Rino depositò il foraterra e la roncola nel capanno. Prese la scala a pioli, quella alta. Era più solida. L’appoggiò al pioppo, imbracciò la sega e salì. Si sedette nella piega del tronco, a cavallo tra i due rami maestri. Cominciò a segare il primo ramo. Quando il taglio fu fondo, appoggiò la sega alla scala e si sporse per l’ultima spinta con le braccia.Il ramo cadde, secco, a terra.

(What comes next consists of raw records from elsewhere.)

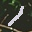
Label: 1
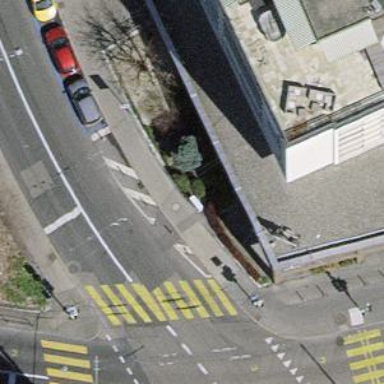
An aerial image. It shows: Bollard.
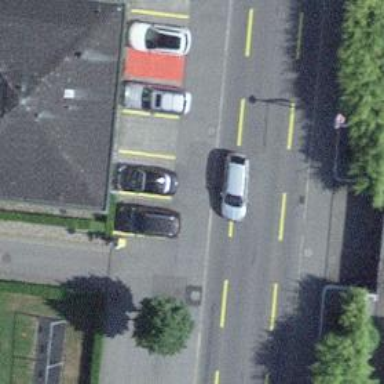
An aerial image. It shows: Post box.
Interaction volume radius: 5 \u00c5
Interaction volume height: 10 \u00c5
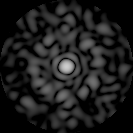
Disorder parameter: 0.8556
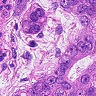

Forse fu quel tonfo sordo, forse quel sudore che gli colava madido dalla fronte al collo fin dentro la camicia. Sentiva la testa mulinare come un frullatore impazzito.
È la pressione alta, pensava.
Rino si abbandonò con la schiena all’unico ramo rimasto. Dall’alto del vortice in cui ronzava il suo sangue, scorgeva il cimitero di cemento che Castegnato era divenuto. Il tempo in cui le case e gli uomini erano come alberi in mezzo ai campi di frumento pareva non essere mai esistito.

L’aveva creduto anche lui, al principio, quando l’industria prometteva il riscatto da un mondo di fatica e di stenti e la città fioriva, generosa, come un formicaio operoso e instancabile. L’aveva creduto. Poi era accaduto qualcosa: era come se il ritmo delle cose avesse stuprato lo scandire del giorno e della notte e la riscossa sperata era diventata soltanto un miraggio, che si perpetuava all’infinito. Nell’abbaglio del tempo non si era accorto che gli stavano derubando la vita.

Gli alveari della via avevano acceso le luci. La strada si era animata dalle automobili, in fila, in corsa verso il lavoro. Rino si sentiva pizzicare la groppa e il viso. Le formiche del pioppo gli marciavano addosso e si erano infilate anche dentro la camicia.
Le scrollò dal viso con un colpo di mano. Poi si avvicinò alla scala, e cominciò a scendere.
Dal basso del giardino guardò i rimasugli del pioppo perduto. Un tronco e un ramo maestro. Un riso impudente gli disegnò le labbra.
«La prossima primavera risorgerai mutilato» sghignazzò ad alta voce.